== Segment start ==

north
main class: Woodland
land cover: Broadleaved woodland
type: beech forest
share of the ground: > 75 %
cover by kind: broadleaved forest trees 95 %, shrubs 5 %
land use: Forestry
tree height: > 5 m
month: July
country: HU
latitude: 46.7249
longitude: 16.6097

== Segment end ==

Exercise prompt
Repeat each line of the data exactly as it appears above.

Written solution
north
main class: Woodland
land cover: Broadleaved woodland
type: beech forest
share of the ground: > 75 %
cover by kind: broadleaved forest trees 95 %, shrubs 5 %
land use: Forestry
tree height: > 5 m
month: July
country: HU
latitude: 46.7249
longitude: 16.6097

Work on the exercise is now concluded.